Galatasaray, kaybetmesi durumunda şampiyonluğu da kaybedeceği maçta yabancı tercihini, Nevriye’nin forma giymeye başlamasının verdiği güvenle Fowles’tan değil, Torrens’ten yana kullandı. Bu tercihin ödülünü de aldı. Çünkü hem Nevriye, hem de Torrens, kendilerinden bekleneni fazlasıyla sahaya yansıttı.
Özellikle Torrens, birbirini artık iyi tanıyan, yapacakları her hamleyi önceden kestirebilen iki takım arasındaki düelloda, oyunun şeklini değiştirdi. Başa baş geçen ve Fener üstünlüğüyle geçilen ilk çeyreğin ardından İspanyol oyuncunun girişiyle art arda penetrelere başlayan, akıllı oyunu ve saha görüşüyle rakibi dağıtan Galatasaray’da boyalı alan üretkenliği de fazlasıyla arttı. Boyalı alanda Wauters, Nevriye ikilisinin yüzdeli oyunları, dışarıyı da rahatlattı, özellikle Şaziye şutlarıyla rakibin tüm direncini kırdı.
Fenerbahçe adına, pota altını sadece 2. yarının başında Verameyenka iyi kullanmaya başlamıştı ki, Ekrem Memnun’un alan savunması, onun da hızını kesmeyi başardı. Fenerbahçe için artık galibiyeti getirecek tek etken dışarıdan gelecek katkıydı ama ne Birsel, ne Esmeral, ne de Pondexter, bir önceki maçı kendilerine kazandıran üç sayılık atış performansına yaklaştı. Sadece şut da değildi aslında Fenerbahçe kısalarının sıkıntısı, öyle kritik anlarda o kadar basit top kayıpları yapıldı ki, maça çok iştahlı çıkan Galatasaray da bunu fırsata çevirmekte zorlanmadı.
Performansların her maç değiştiği seride artık tek bir maç kaldı. İki takımın da hata lüksü yok, kazanmak isteyen maksimumla oynamalı. Galatasaray, yabancı hakkını Torrens’ten yana kullanmanın avantajını yine yaşayacak.
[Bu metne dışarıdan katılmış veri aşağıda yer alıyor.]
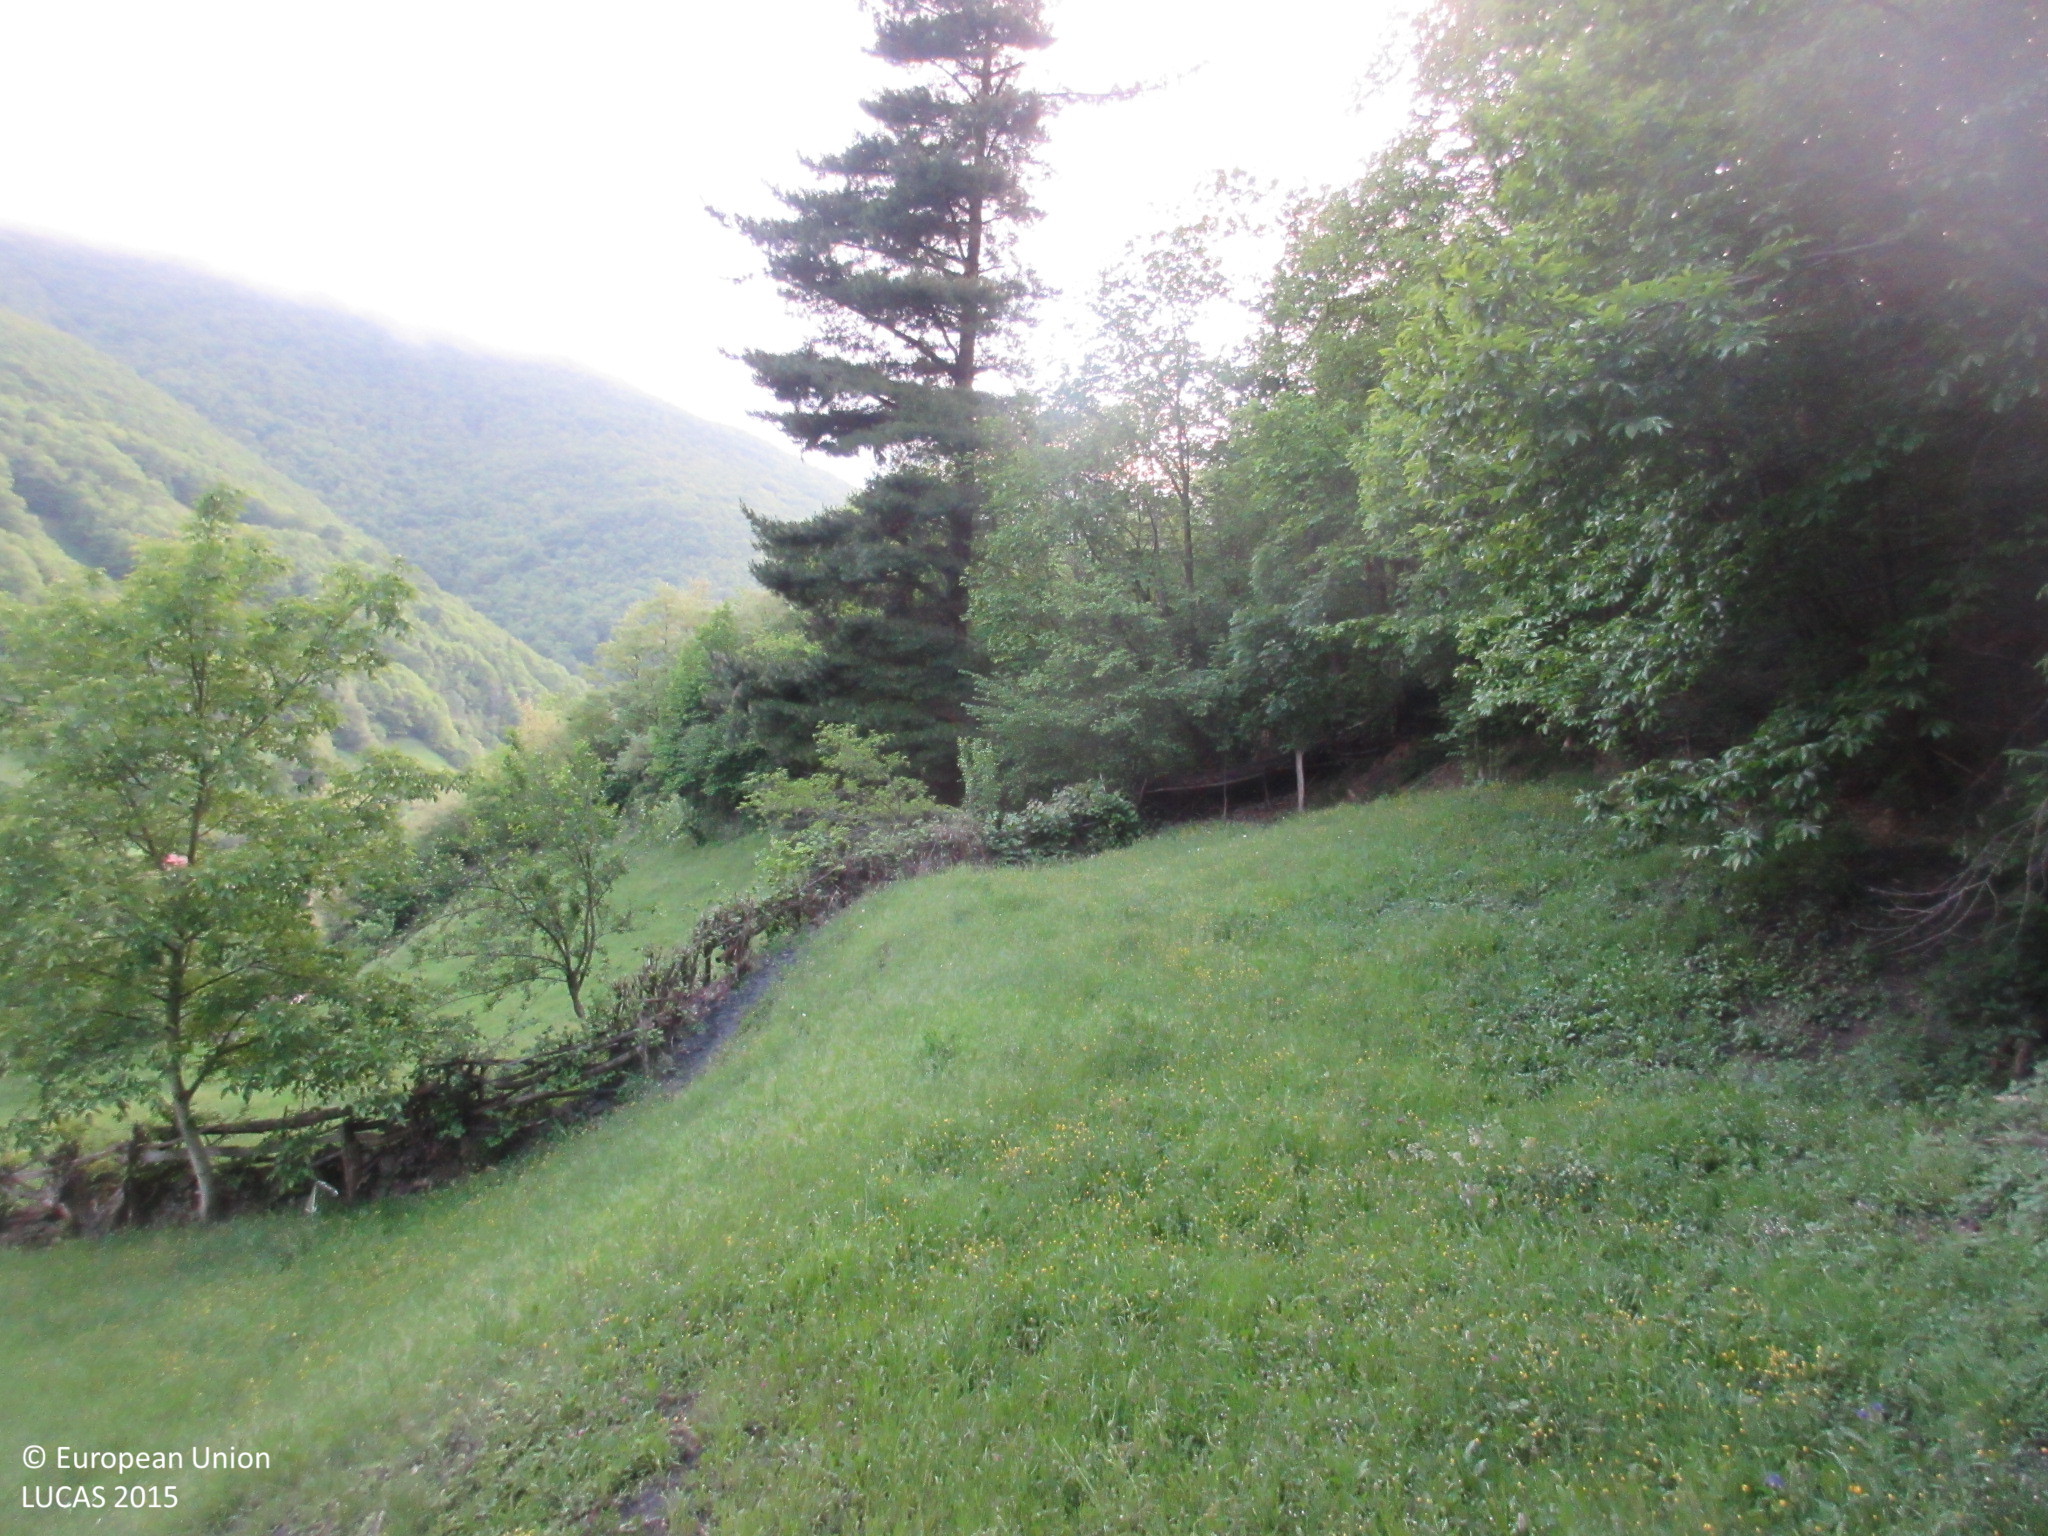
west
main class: Woodland
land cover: Broadleaved woodland
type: thermophilous deciduous forest
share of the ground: > 75 %
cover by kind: broadleaved forest trees 95 %, shrubs 5 %
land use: Semi-natural and natural areas not in use
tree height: > 5 m
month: May
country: ES
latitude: 43.1043
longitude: -5.4980
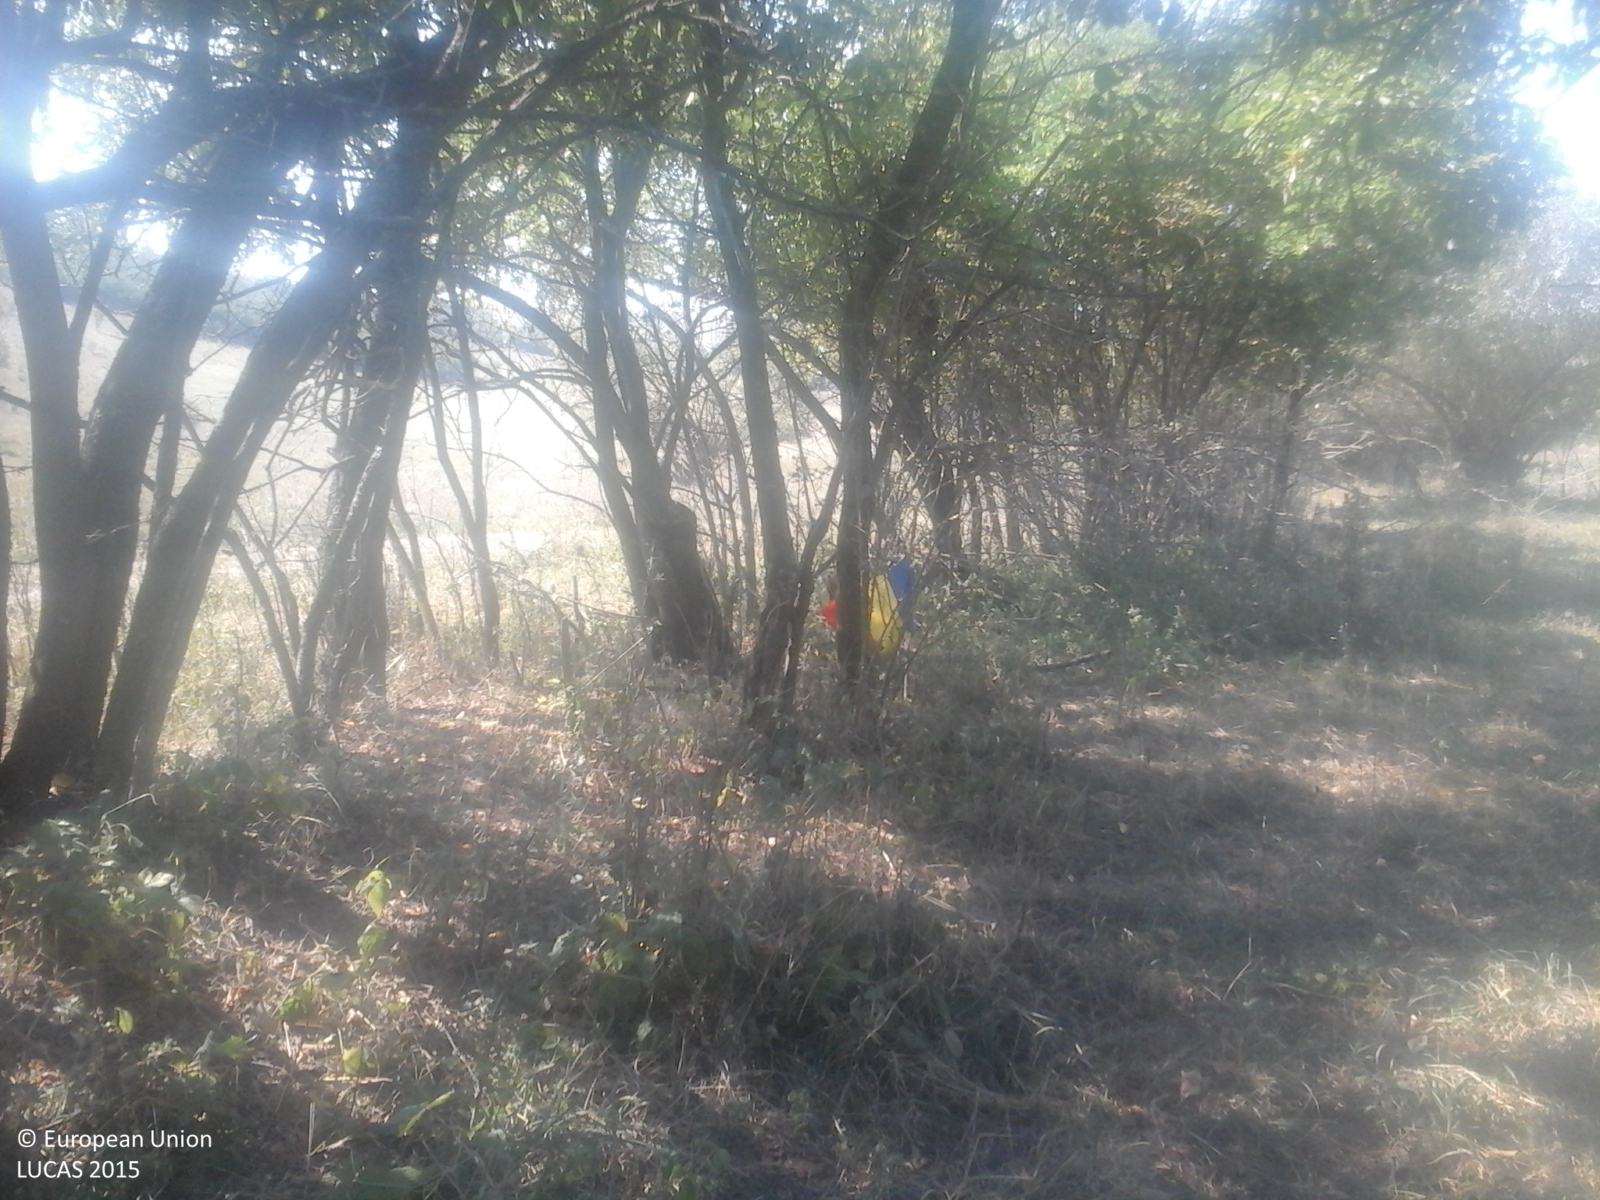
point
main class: Grassland
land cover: Grassland with sparse tree/shrub cover
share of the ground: > 75 %
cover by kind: herbaceous plants 85 %, shrubs 10 %, broadleaved forest trees 5 %
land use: Agriculture (excluding fallow land and kitchen gardens)
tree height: < 5 m
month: September
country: RO
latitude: 46.8063
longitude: 24.4631
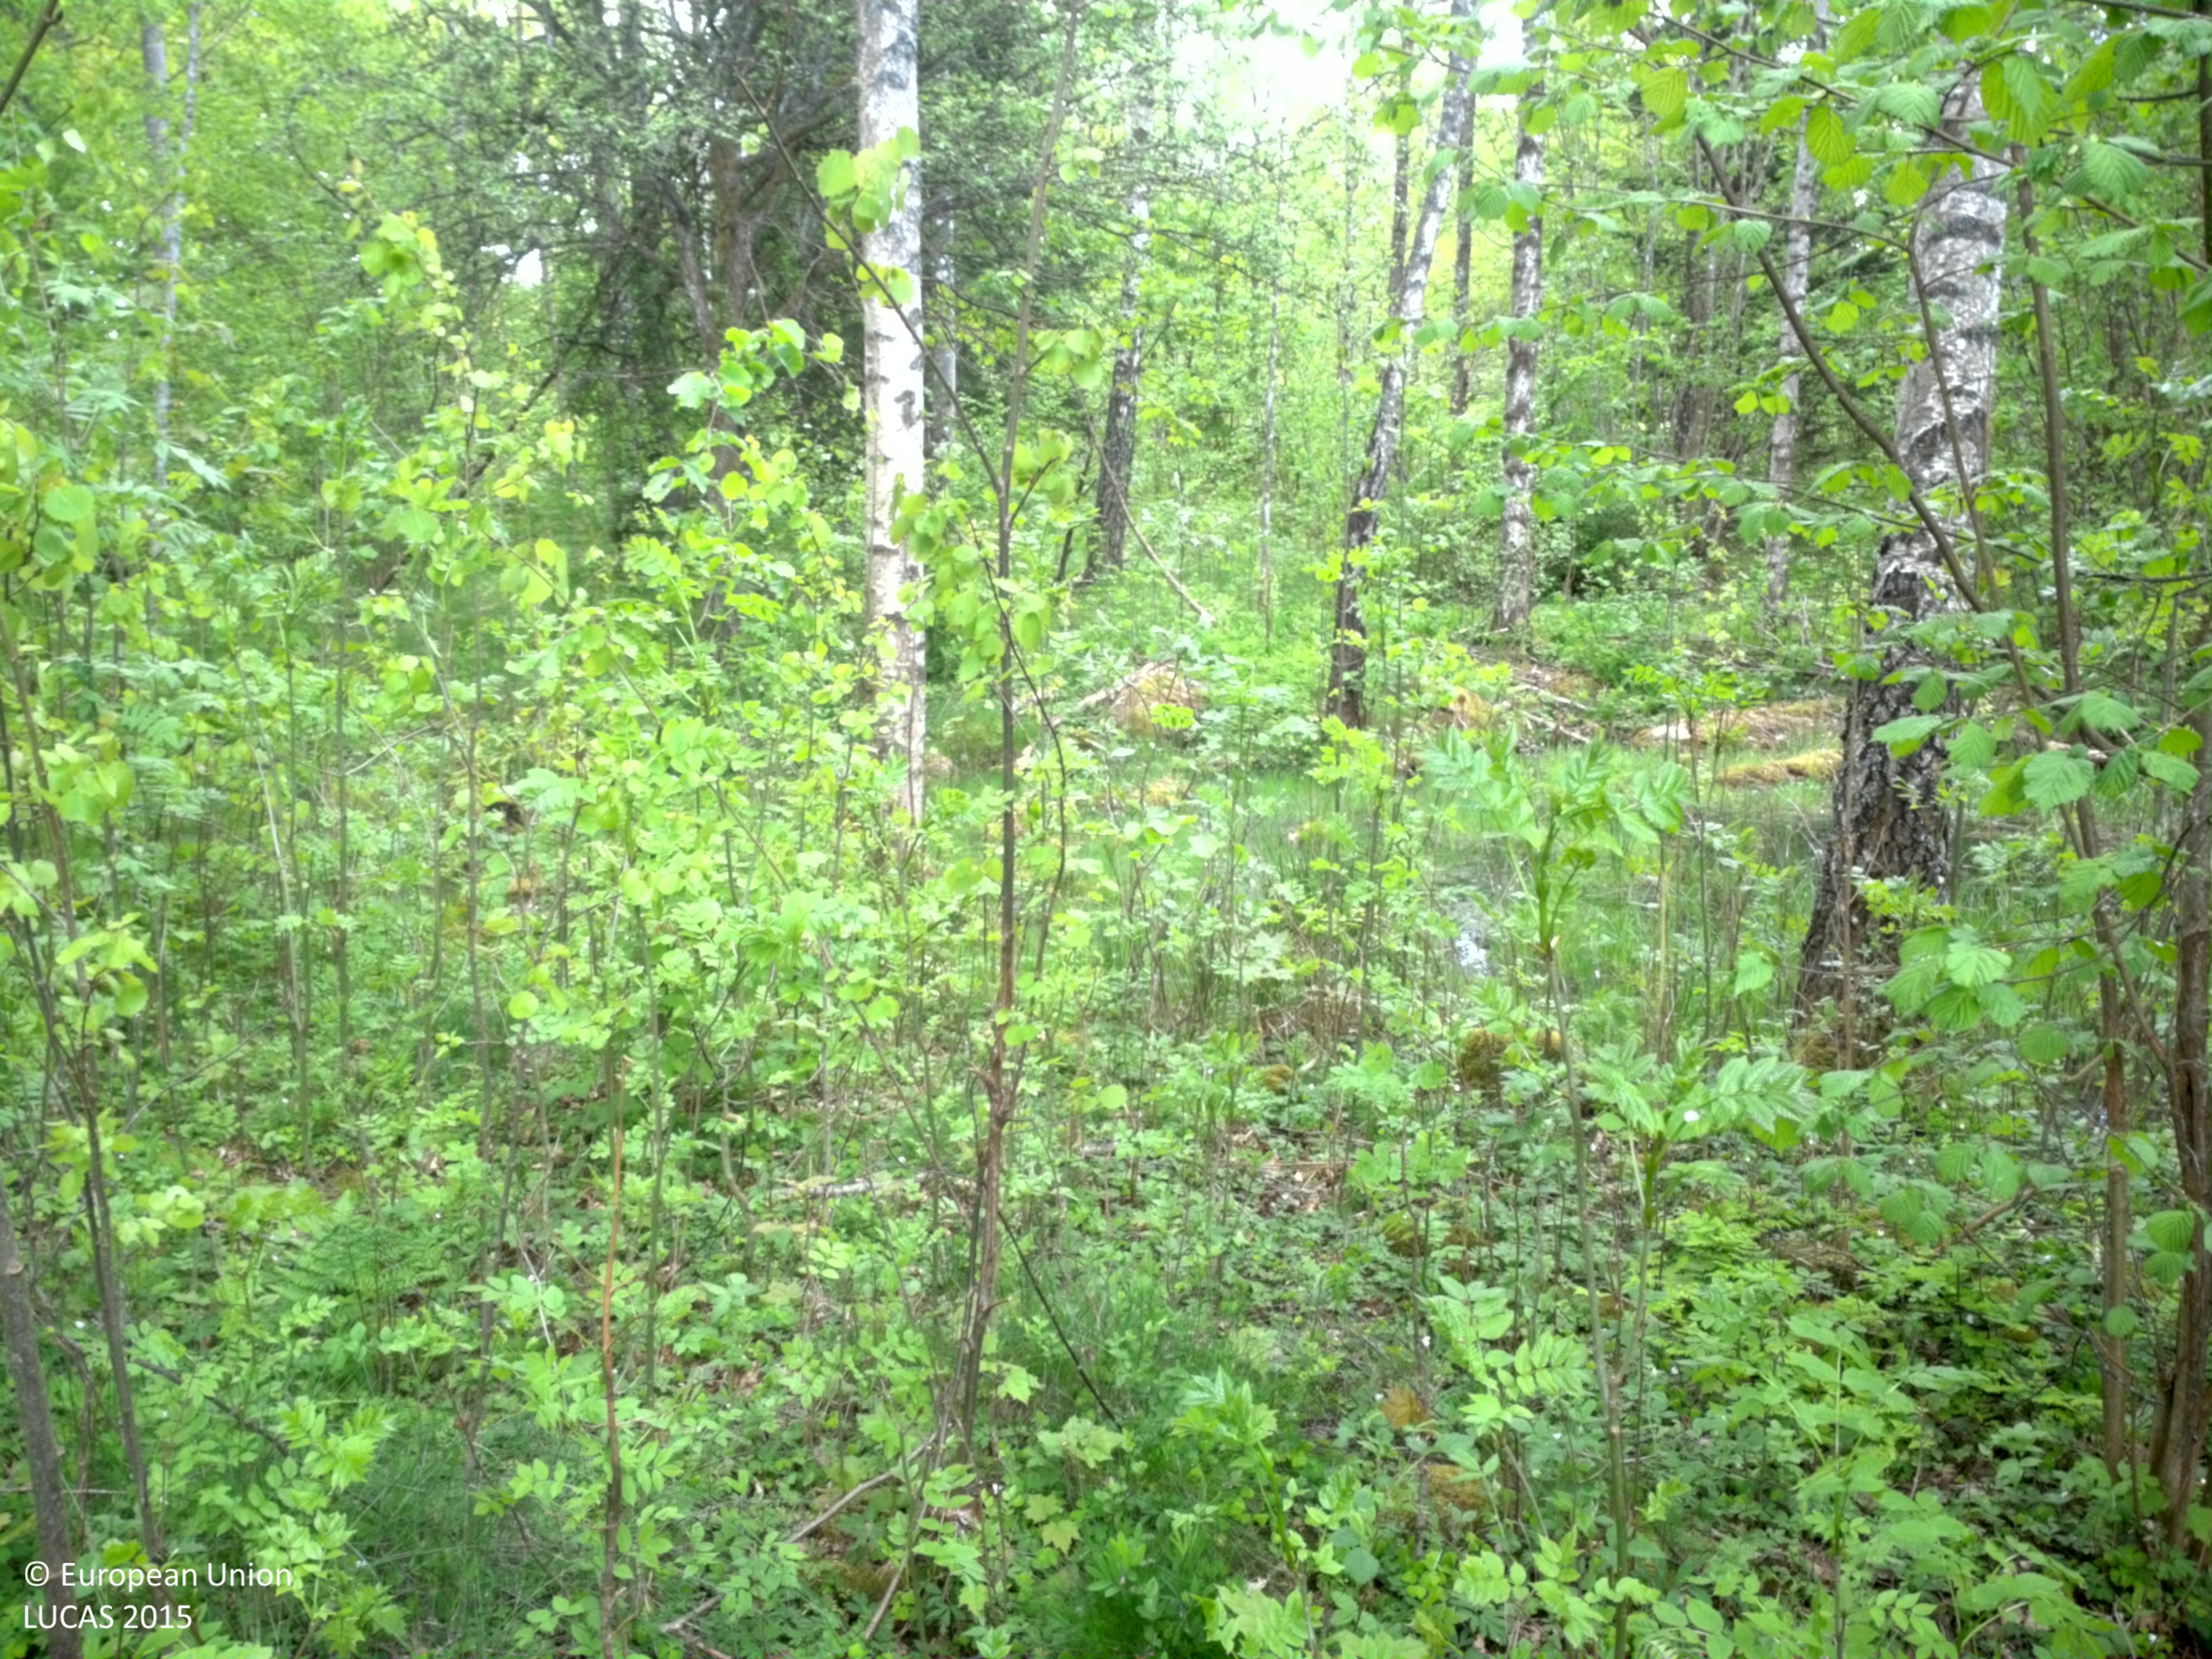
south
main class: Woodland
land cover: Broadleaved woodland
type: mesophytic deciduous forest
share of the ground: > 75 %
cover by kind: broadleaved forest trees 90 %, shrubs 5 %, herbaceous plants 5 %
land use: Forestry
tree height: > 5 m
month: May
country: SE
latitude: 56.5207
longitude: 15.0532

Ancak Fenerbahçe’nin de çok önemli kozları var. Sarı-lacivertli ekibin yıldızları, eminim ki bir daha dünkü kadar kötü oynamaz. Bir de taraftar avantajı var tabii. Kimse onu da bir kenara atamaz. Yani pazar günü nefesleri kesecek bir final var, şimdiden söyleyelim; bu maç kaçmaz.